[WHAT THE TASK ASKS]: From the entries that follow, copy exactly the lines beginning at the line holding "In plain terms, the highlighted cylindrical" and continuing through the line holding "#971 = EDGE_CURVE( '', #1148, #1148, #1149, .T.".

Dataset entries

━━━━━━━━━━━━━━━━━━━━

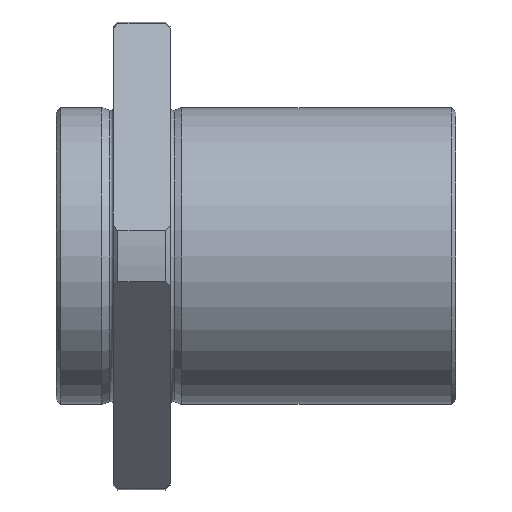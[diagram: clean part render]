
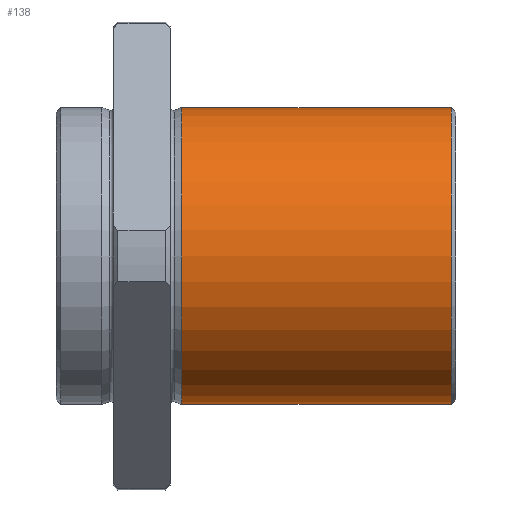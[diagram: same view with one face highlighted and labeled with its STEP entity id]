
A CAD part, front view. The second image highlights one B-rep face of the part: STEP entity #138.
In plain terms, the highlighted cylindrical face has radius 26 mm (diameter 52 mm), a full revolution.
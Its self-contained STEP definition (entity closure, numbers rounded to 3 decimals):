
#138 = ADVANCED_FACE( '', ( #303, #304 ), #305, .T. );
#303 = FACE_OUTER_BOUND( '', #481, .T. );
#304 = FACE_OUTER_BOUND( '', #482, .T. );
#305 = CYLINDRICAL_SURFACE( '', #483, 26. );
#481 = EDGE_LOOP( '', ( #741 ) );
#482 = EDGE_LOOP( '', ( #742 ) );
#483 = AXIS2_PLACEMENT_3D( '', #743, #744, #745 );
#741 = ORIENTED_EDGE( '', *, *, #971, .T. );
#742 = ORIENTED_EDGE( '', *, *, #955, .F. );
#743 = CARTESIAN_POINT( '', ( 70., 0., 0. ) );
#744 = DIRECTION( '', ( -1., 0., 0. ) );
#745 = DIRECTION( '', ( 0., 0., -1. ) );
#955 = EDGE_CURVE( '', #1126, #1126, #1127, .T. );
#971 = EDGE_CURVE( '', #1148, #1148, #1149, .T. );
#1126 = VERTEX_POINT( '', #1360 );
#1127 = CIRCLE( '', #1361, 26. );
#1148 = VERTEX_POINT( '', #1382 );
#1149 = CIRCLE( '', #1383, 26. );
#1360 = CARTESIAN_POINT( '', ( 69.2, 0., -26. ) );
#1361 = AXIS2_PLACEMENT_3D( '', #1541, #1542, #1543 );
#1382 = CARTESIAN_POINT( '', ( 22., 0., -26. ) );
#1383 = AXIS2_PLACEMENT_3D( '', #1565, #1566, #1567 );
#1541 = CARTESIAN_POINT( '', ( 69.2, 0., 0. ) );
#1542 = DIRECTION( '', ( 1., 0., 0. ) );
#1543 = DIRECTION( '', ( 0., 0., -1. ) );
#1565 = CARTESIAN_POINT( '', ( 22., 0., 0. ) );
#1566 = DIRECTION( '', ( 1., 0., 0. ) );
#1567 = DIRECTION( '', ( 0., 0., -1. ) );
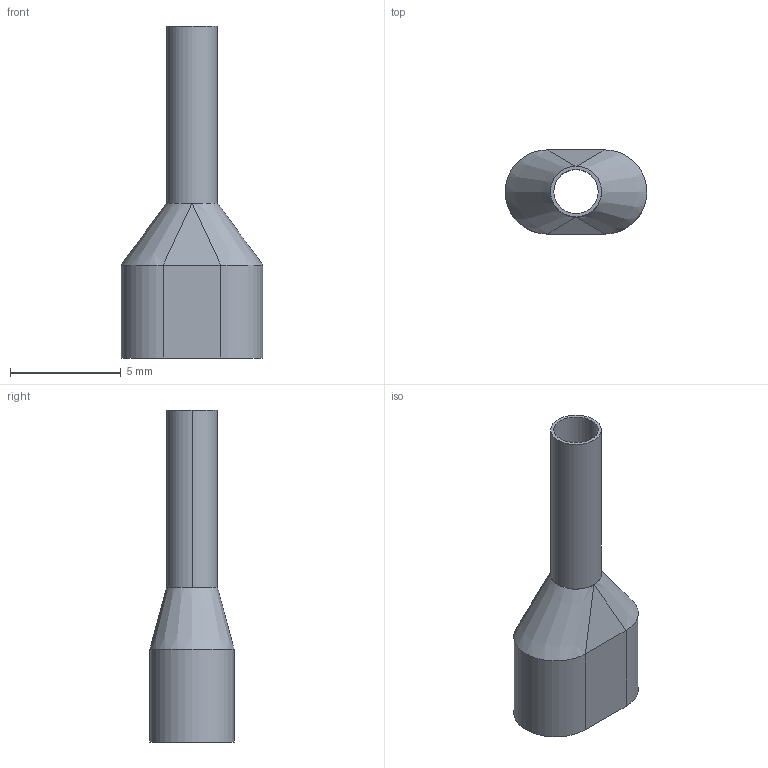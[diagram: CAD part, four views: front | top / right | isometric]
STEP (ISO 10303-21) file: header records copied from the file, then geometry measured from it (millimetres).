
FILE_DESCRIPTION(('CATIA V5R20 STEP214','CAx-IF Rec.Pracs.--- Model Styling and Organization---1.2---2011-12-15'),'2;1');
FILE_NAME ('D1464668_0_9037260000_9037260000.stp','2018-05-08T14:32:58+00:00',('none'),('Weidmueller'),'CATIA Version 5-6 Release 2014 SP4 HF52','CATIA V5 STEP AP214','none');
FILE_SCHEMA(('AUTOMOTIVE_DESIGN { 1 0 10303 214 1 1 1 1 }'));
Length unit declared in the file: millimetre
Products named in the file (1): 9037260000_H1,0-15 ZH GE
Bounding box: 6.4 x 3.8 x 15 mm (x, y, z)
Volume: 36.1 mm3; surface area: 323.8 mm2
Topology: 2 solids, 2 shells, 24 faces, 52 edges, 32 vertices
Faces by surface type: plane 12, cylinder 8, bspline 4
Entity records: 931 total; most frequent: CARTESIAN_POINT 393, ORIENTED_EDGE 104, DIRECTION 81, EDGE_CURVE 52, AXIS2_PLACEMENT_3D 35, VERTEX_POINT 32, VECTOR 29, LINE 29
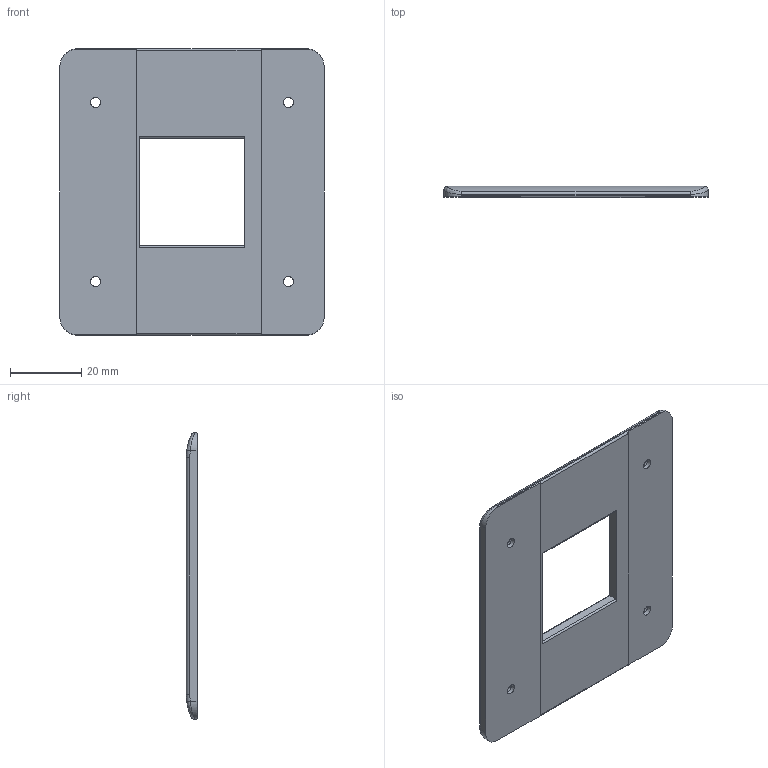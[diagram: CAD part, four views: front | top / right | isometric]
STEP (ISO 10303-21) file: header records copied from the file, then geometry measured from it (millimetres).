
FILE_DESCRIPTION(/* description */ (''),/* implementation_level */ '2;1');
FILE_NAME(/* name */ 'Mask.stp',/* time_stamp */ '2026-01-30T17:56:13+01:00',/* author */ ('Davide'),/* organization */ (''),/* preprocessor_version */ 'ST-DEVELOPER v19',/* originating_system */ 'Autodesk Inventor 2023',/* authorisation */ '');
FILE_SCHEMA (('AUTOMOTIVE_DESIGN { 1 0 10303 214 3 1 1 }'));
Length unit declared in the file: millimetre
Products named in the file (1): Base
Bounding box: 74 x 3.2 x 80.15 mm (x, y, z)
Volume: 14671.6 mm3; surface area: 11107.9 mm2
Topology: 1 solids, 1 shells, 56 faces, 134 edges, 84 vertices
Faces by surface type: cylinder 26, plane 18, cone 4, bspline 4, torus 4
Full cylindrical faces by diameter (mm): 2.8 x4, 5 x4
Entity records: 1825 total; most frequent: CARTESIAN_POINT 443, DIRECTION 288, ORIENTED_EDGE 268, EDGE_CURVE 134, AXIS2_PLACEMENT_3D 113, VERTEX_POINT 84, EDGE_LOOP 70, LINE 62
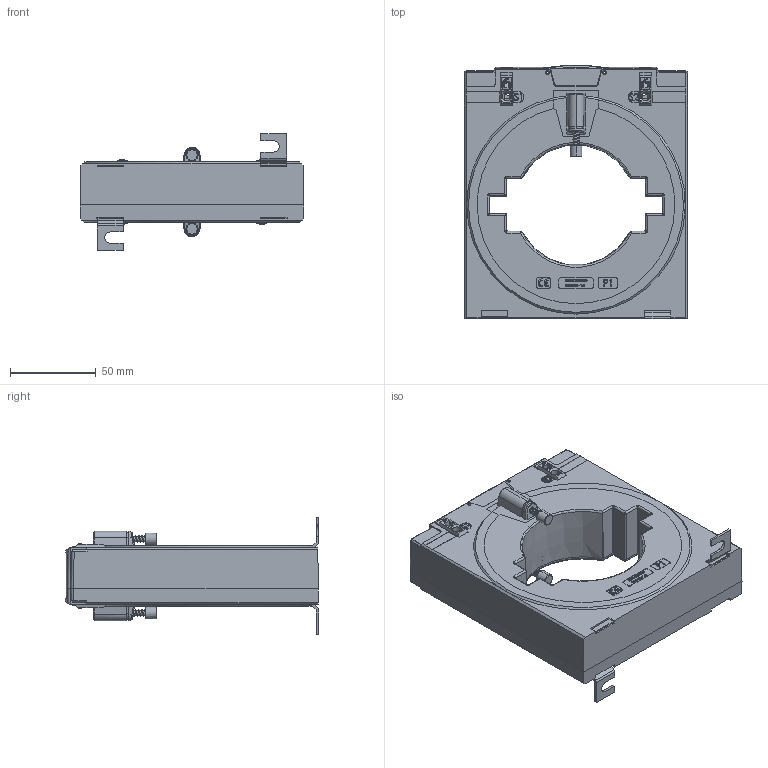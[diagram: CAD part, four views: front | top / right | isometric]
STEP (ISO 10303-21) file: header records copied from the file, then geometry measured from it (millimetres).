
FILE_DESCRIPTION (( 'STEP AP214' ), '1' );
FILE_NAME ('CTB101.35_kpl_extern_2020-07-07.STEP', '2020-07-07T08:57:56', ( '' ), ( '' ), 'SwSTEP 2.0', 'SolidWorks 2016', '' );
FILE_SCHEMA (( 'AUTOMOTIVE_DESIGN' ));
Length unit declared in the file: millimetre
Products named in the file (8): Fusswinkel_1,5; Zugfederkontakt_mit_Gehäuse_Lötkontakte_04; CTB-Klemmenkoerper_50.2.8114_01; Isolierschutzkappe; Plastite_Schraube_25_mit-Gewinde; CTB101.35_GO_extern; CTB101.35_GU_extern; CTB101.35_kpl_extern_2020-07-07
Assembly tree (11 placements, depth 3):
  CTB101.35_kpl_extern_2020-07-07
    CTB101.35_GU_extern
    CTB101.35_GO_extern
    Plastite_Schraube_25_mit-Gewinde  x2
    Isolierschutzkappe  x2
    Zugfederkontakt_mit_Gehäuse_Lötkontakte_04  x2
      CTB-Klemmenkoerper_50.2.8114_01
    Fusswinkel_1,5  x2
Bounding box: 130 x 147.61 x 68 mm (x, y, z)
Volume: 313284.7 mm3; surface area: 114669.2 mm2
Topology: 9 solids, 15 shells, 2652 faces, 7139 edges, 4634 vertices
Faces by surface type: plane 1521, bspline 488, cylinder 401, cone 176, torus 58, sphere 8
Entity records: 89077 total; most frequent: CARTESIAN_POINT 38938, ORIENTED_EDGE 11564, DIRECTION 8383, EDGE_CURVE 5784, VERTEX_POINT 3763, LINE 3675, VECTOR 3675, AXIS2_PLACEMENT_3D 2354
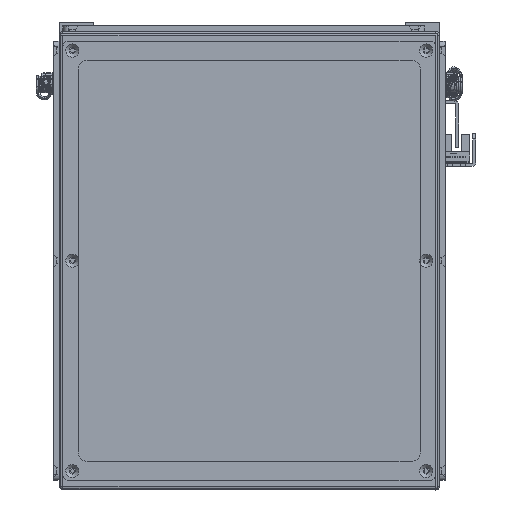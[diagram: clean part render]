
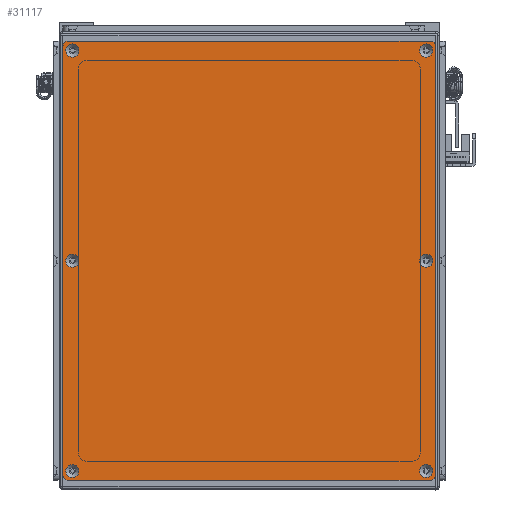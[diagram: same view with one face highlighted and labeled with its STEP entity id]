
A CAD part, front view. The second image highlights one B-rep face of the part: STEP entity #31117.
In plain terms, the highlighted planar face has unit normal (0, -1, 0).
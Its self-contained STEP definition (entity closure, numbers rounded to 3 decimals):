
#708=FACE_BOUND('',#6837,.T.);
#709=FACE_BOUND('',#6838,.T.);
#710=FACE_BOUND('',#6839,.T.);
#711=FACE_BOUND('',#6840,.T.);
#712=FACE_BOUND('',#6841,.T.);
#713=FACE_BOUND('',#6842,.T.);
#2240=PLANE('',#34591);
#4826=FACE_OUTER_BOUND('',#6836,.T.);
#6836=EDGE_LOOP('',(#29198,#29199,#29200,#29201,#29202,#29203,#29204,#29205));
#6837=EDGE_LOOP('',(#29206));
#6838=EDGE_LOOP('',(#29207));
#6839=EDGE_LOOP('',(#29208));
#6840=EDGE_LOOP('',(#29209));
#6841=EDGE_LOOP('',(#29210));
#6842=EDGE_LOOP('',(#29211));
#9389=LINE('',#55062,#11927);
#9390=LINE('',#55066,#11928);
#9391=LINE('',#55070,#11929);
#9392=LINE('',#55073,#11930);
#11927=VECTOR('',#43313,10.);
#11928=VECTOR('',#43316,10.);
#11929=VECTOR('',#43319,10.);
#11930=VECTOR('',#43322,10.);
#13378=CIRCLE('',#34559,3.45);
#13381=CIRCLE('',#34564,3.45);
#13384=CIRCLE('',#34569,3.45);
#13387=CIRCLE('',#34574,3.45);
#13390=CIRCLE('',#34579,3.45);
#13393=CIRCLE('',#34584,3.45);
#13396=CIRCLE('',#34589,3.);
#13398=CIRCLE('',#34592,3.);
#13399=CIRCLE('',#34593,3.);
#13400=CIRCLE('',#34594,3.);
#16268=VERTEX_POINT('',#54992);
#16271=VERTEX_POINT('',#55002);
#16274=VERTEX_POINT('',#55012);
#16277=VERTEX_POINT('',#55022);
#16280=VERTEX_POINT('',#55032);
#16283=VERTEX_POINT('',#55042);
#16286=VERTEX_POINT('',#55052);
#16287=VERTEX_POINT('',#55053);
#16290=VERTEX_POINT('',#55061);
#16291=VERTEX_POINT('',#55063);
#16292=VERTEX_POINT('',#55065);
#16293=VERTEX_POINT('',#55067);
#16294=VERTEX_POINT('',#55069);
#16295=VERTEX_POINT('',#55071);
#20574=EDGE_CURVE('',#16268,#16268,#13378,.T.);
#20579=EDGE_CURVE('',#16271,#16271,#13381,.T.);
#20584=EDGE_CURVE('',#16274,#16274,#13384,.T.);
#20589=EDGE_CURVE('',#16277,#16277,#13387,.T.);
#20594=EDGE_CURVE('',#16280,#16280,#13390,.T.);
#20599=EDGE_CURVE('',#16283,#16283,#13393,.T.);
#20604=EDGE_CURVE('',#16286,#16287,#13396,.T.);
#20608=EDGE_CURVE('',#16286,#16290,#9389,.T.);
#20609=EDGE_CURVE('',#16291,#16290,#13398,.T.);
#20610=EDGE_CURVE('',#16291,#16292,#9390,.T.);
#20611=EDGE_CURVE('',#16293,#16292,#13399,.T.);
#20612=EDGE_CURVE('',#16293,#16294,#9391,.T.);
#20613=EDGE_CURVE('',#16295,#16294,#13400,.T.);
#20614=EDGE_CURVE('',#16295,#16287,#9392,.T.);
#29198=ORIENTED_EDGE('',*,*,#20604,.F.);
#29199=ORIENTED_EDGE('',*,*,#20608,.T.);
#29200=ORIENTED_EDGE('',*,*,#20609,.F.);
#29201=ORIENTED_EDGE('',*,*,#20610,.T.);
#29202=ORIENTED_EDGE('',*,*,#20611,.F.);
#29203=ORIENTED_EDGE('',*,*,#20612,.T.);
#29204=ORIENTED_EDGE('',*,*,#20613,.F.);
#29205=ORIENTED_EDGE('',*,*,#20614,.T.);
#29206=ORIENTED_EDGE('',*,*,#20574,.T.);
#29207=ORIENTED_EDGE('',*,*,#20579,.T.);
#29208=ORIENTED_EDGE('',*,*,#20584,.T.);
#29209=ORIENTED_EDGE('',*,*,#20589,.T.);
#29210=ORIENTED_EDGE('',*,*,#20594,.T.);
#29211=ORIENTED_EDGE('',*,*,#20599,.T.);
#31117=ADVANCED_FACE('',(#4826,#708,#709,#710,#711,#712,#713),#2240,.T.);
#34559=AXIS2_PLACEMENT_3D('',#54993,#43233,#43234);
#34564=AXIS2_PLACEMENT_3D('',#55003,#43245,#43246);
#34569=AXIS2_PLACEMENT_3D('',#55013,#43257,#43258);
#34574=AXIS2_PLACEMENT_3D('',#55023,#43269,#43270);
#34579=AXIS2_PLACEMENT_3D('',#55033,#43281,#43282);
#34584=AXIS2_PLACEMENT_3D('',#55043,#43293,#43294);
#34589=AXIS2_PLACEMENT_3D('',#55054,#43305,#43306);
#34591=AXIS2_PLACEMENT_3D('',#55060,#43311,#43312);
#34592=AXIS2_PLACEMENT_3D('',#55064,#43314,#43315);
#34593=AXIS2_PLACEMENT_3D('',#55068,#43317,#43318);
#34594=AXIS2_PLACEMENT_3D('',#55072,#43320,#43321);
#43233=DIRECTION('center_axis',(0.,1.,0.));
#43234=DIRECTION('ref_axis',(1.,0.,0.));
#43245=DIRECTION('center_axis',(0.,1.,0.));
#43246=DIRECTION('ref_axis',(1.,0.,0.));
#43257=DIRECTION('center_axis',(0.,1.,0.));
#43258=DIRECTION('ref_axis',(1.,0.,0.));
#43269=DIRECTION('center_axis',(0.,1.,0.));
#43270=DIRECTION('ref_axis',(1.,0.,0.));
#43281=DIRECTION('center_axis',(0.,1.,0.));
#43282=DIRECTION('ref_axis',(1.,0.,0.));
#43293=DIRECTION('center_axis',(0.,1.,0.));
#43294=DIRECTION('ref_axis',(1.,0.,0.));
#43305=DIRECTION('center_axis',(0.,1.,0.));
#43306=DIRECTION('ref_axis',(-0.707,0.,0.707));
#43311=DIRECTION('center_axis',(0.,-1.,0.));
#43312=DIRECTION('ref_axis',(0.,0.,-1.));
#43313=DIRECTION('',(0.,0.,-1.));
#43314=DIRECTION('center_axis',(0.,1.,0.));
#43315=DIRECTION('ref_axis',(-0.707,0.,-0.707));
#43316=DIRECTION('',(1.,0.,0.));
#43317=DIRECTION('center_axis',(0.,1.,0.));
#43318=DIRECTION('ref_axis',(0.707,0.,-0.707));
#43319=DIRECTION('',(0.,0.,1.));
#43320=DIRECTION('center_axis',(0.,1.,0.));
#43321=DIRECTION('ref_axis',(0.707,0.,0.707));
#43322=DIRECTION('',(-1.,0.,0.));
#54992=CARTESIAN_POINT('',(107.05,-1.5,93.));
#54993=CARTESIAN_POINT('Origin',(110.5,-1.5,93.));
#55002=CARTESIAN_POINT('',(-3.45,-1.5,93.));
#55003=CARTESIAN_POINT('Origin',(0.,-1.5,93.));
#55012=CARTESIAN_POINT('',(-113.95,-1.5,93.));
#55013=CARTESIAN_POINT('Origin',(-110.5,-1.5,93.));
#55022=CARTESIAN_POINT('',(-113.95,-1.5,-93.));
#55023=CARTESIAN_POINT('Origin',(-110.5,-1.5,-93.));
#55032=CARTESIAN_POINT('',(-3.45,-1.5,-93.));
#55033=CARTESIAN_POINT('Origin',(0.,-1.5,-93.));
#55042=CARTESIAN_POINT('',(107.05,-1.5,-93.));
#55043=CARTESIAN_POINT('Origin',(110.5,-1.5,-93.));
#55052=CARTESIAN_POINT('',(-115.5,-1.5,95.));
#55053=CARTESIAN_POINT('',(-112.5,-1.5,98.));
#55054=CARTESIAN_POINT('Origin',(-112.5,-1.5,95.));
#55060=CARTESIAN_POINT('Origin',(0.,-1.5,0.));
#55061=CARTESIAN_POINT('',(-115.5,-1.5,-95.));
#55062=CARTESIAN_POINT('',(-115.5,-1.5,98.));
#55063=CARTESIAN_POINT('',(-112.5,-1.5,-98.));
#55064=CARTESIAN_POINT('Origin',(-112.5,-1.5,-95.));
#55065=CARTESIAN_POINT('',(112.5,-1.5,-98.));
#55066=CARTESIAN_POINT('',(-115.5,-1.5,-98.));
#55067=CARTESIAN_POINT('',(115.5,-1.5,-95.));
#55068=CARTESIAN_POINT('Origin',(112.5,-1.5,-95.));
#55069=CARTESIAN_POINT('',(115.5,-1.5,95.));
#55070=CARTESIAN_POINT('',(115.5,-1.5,-98.));
#55071=CARTESIAN_POINT('',(112.5,-1.5,98.));
#55072=CARTESIAN_POINT('Origin',(112.5,-1.5,95.));
#55073=CARTESIAN_POINT('',(115.5,-1.5,98.));

━━━━━━━━━━━━━━━━━━━━

[RESULT FOR THIS TASK]:
In plain terms, the highlighted cylindrical face has radius 26 mm (diameter 52 mm), a full revolution.
Its self-contained STEP definition (entity closure, numbers rounded to 3 decimals):
#138 = ADVANCED_FACE( '', ( #303, #304 ), #305, .T. );
#303 = FACE_OUTER_BOUND( '', #481, .T. );
#304 = FACE_OUTER_BOUND( '', #482, .T. );
#305 = CYLINDRICAL_SURFACE( '', #483, 26. );
#481 = EDGE_LOOP( '', ( #741 ) );
#482 = EDGE_LOOP( '', ( #742 ) );
#483 = AXIS2_PLACEMENT_3D( '', #743, #744, #745 );
#741 = ORIENTED_EDGE( '', *, *, #971, .T. );
#742 = ORIENTED_EDGE( '', *, *, #955, .F. );
#743 = CARTESIAN_POINT( '', ( 70., 0., 0. ) );
#744 = DIRECTION( '', ( -1., 0., 0. ) );
#745 = DIRECTION( '', ( 0., 0., -1. ) );
#955 = EDGE_CURVE( '', #1126, #1126, #1127, .T. );
#971 = EDGE_CURVE( '', #1148, #1148, #1149, .T. );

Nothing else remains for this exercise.